Frodo  shoots back, "What are we holding on to, Sam?"

Sam answers, "That there’s some good in this world, Mr. Frodo. And it’s worth fighting for". 


Friends, do you know where you’re being called to? Do you know where you can be authentically who God created you to be? I hope it’s here. If not, we need to talk. If hope is hard to come by, let our community offer that hope. 

 

Hope lives where our hearts are, no matter where we physically are. Our hearts are most at home in Jesus Christ, and among His people. We need to prepare prayerfully for the coming of the Messiah. There is good news in Christ’s birth each year at Christmas, and the hope in second Coming. 


May there be joy in finding places to be accepted and valued. May home be a safe place for you and all. Christ comes to us, not because he wants us to be safe, but to be faithful to Him. Wherever your spirit is weak in hope, let the community surround you to lift you up. Wherever your hope cannot be found, lean in to the spirit to guide you back on the righteous path. 


As Christians, we have Jesus, who will come in final victory over sin and death. He is at the beginning and at the end. Only He knows how this story will unfold. As disconnected as that sounds, it is truth.
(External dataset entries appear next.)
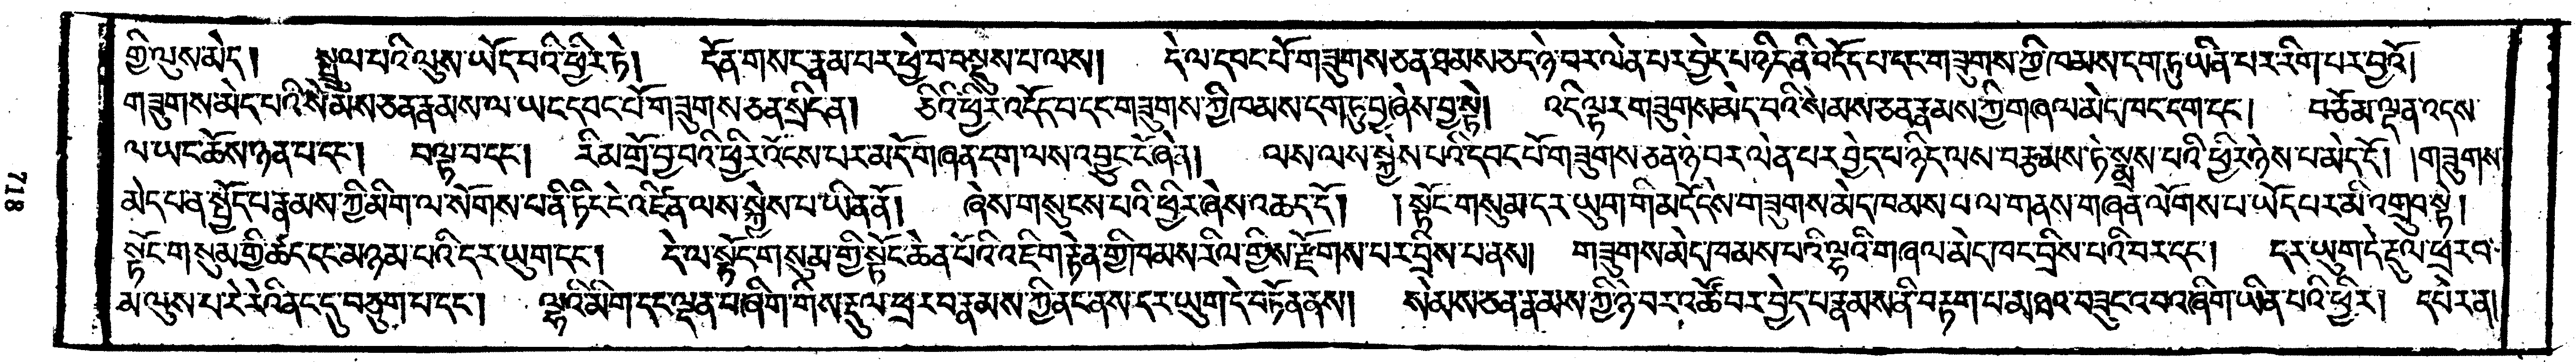གྱི་ལུས་མེད། སྤྲུལ་པའི་ལུས་ཡོད་པའི་ཕྱིར་ཏེ། དོན་གསང་རྣམ་པར་ཕྱེ་བ་བསྡུས་པ་ལས། དེ་ལ་དབང་པོ་གཟུགས་ཅན་ཐམས་ཅད་ཉེ་བར་ལེན་པར་བྱེད་པ་ཉིད་ནི་འདོད་པ་དང་གཟུགས་ཀྱི་ཁམས་དག་ཏུ་ཡིན་པར་རིག་པར་བྱའོ།
གཟུགས་མེད་པའི་སེམས་ཅན་རྣམས་ལ་ཡང་དབང་པོ་གཟུགས་ཅན་སྲིང་ན། ཅིའི་ཕྱིར་འདོད་པ་དང་གཟུགས་ཀྱི་ཁམས་དག་ཏུ་བྱ་ཞེས་བྱ་སྟེ། འདི་ལྟར་གཟུགས་མེད་པའི་སེམས་ཅན་རྣམས་ཀྱི་གཞལ་མེད་ཁང་དག་དང་། བཅོམ་ལྡན་འདས་
ལ་ཡང་ཆོས་ཉན་པ་དང་། བལྟ་བ་དང་། རིམ་གྲོ་བྱ་བའི་ཕྱིར་འོངས་པར་མདོ་གཞན་དག་ལས་འབྱུང་ངོ་ཞེ་ན། ལས་ལས་སྐྱེས་པའི་དབང་པོ་གཟུགས་ཅན་ཉེ་བར་ལེན་པར་བྱེད་པ་ཉིད་ལས་བརྩམས་ཏེ་སྨྲས་པའི་ཕྱིར་ཉེས་པ་མེད་དོ། །གཟུགས་
མེད་པ་ན་སྤྱོད་པ་རྣམས་ཀྱི་མིག་ལ་སོགས་པ་ནི་ཏིང་ངེ་འཛིན་ལས་སྐྱེས་པ་ཡིན་ནོ། ཞེས་གསུངས་པའི་ཕྱིར་ཞེས་འཆད་དོ། །སྟོང་གསུམ་དར་ཡུག་གི་མདོ་ངེས་གཟུགས་མེད་ཁམས་པ་ལ་གནས་གཞན་ལོགས་པ་ཡོད་པར་མི་འགྲུབ་སྟེ།
སྟོང་གསུམ་གྱི་ཚད་དང་མཉམ་པའི་དར་ཡུག་དང་། དེ་ལ་སྟོང་གསུམ་གྱི་སྟོང་ཆེན་པོའི་འཇིག་རྟེན་གྱི་ཁམས་རིལ་གྱིས་རྫོགས་པར་བྲིས་པ་ནས། གཟུགས་མེད་ཁམས་པའི་ལྷའི་གཞལ་མེད་ཁང་བྲིས་པའི་བར་དང་། དར་ཡུག་དེ་རྡུལ་ཕྲ་རབ་
མ་ལུས་པ་རེ་རེའི་ནང་དུ་བཅུག་པ་དང་། ལྷའི་མིག་དང་ལྡན་པ་ཞིག་གིས་རྡུལ་ཕྲ་རབ་རྣམས་ཀྱི་ནང་ནས་དར་ཡུག་དེ་བཏོན་ནས། སེམས་ཅན་རྣམས་ཀྱི་ཉེ་བར་འཚོ་བར་བྱེད་པ་རྣམས་ནི་བརྟག་པ་མཐའ་གཟུགས་འབའ་ཞིག་ཡིན་པའི་ཕྱིར། དཔེར་ན།

Hope in the face of hopelessness is a defiant act by definition, so stepping out in faith of the promise that Jesus will conquer may seem naïve, but the act of faith can be inspiring and could lead to achieving God's plan of ending hopelessness.


There’s lots of good in this world, just as Sam said. Let’s fight for it, and give the hopeless a sign that not everything is as bleak as the winter lets on.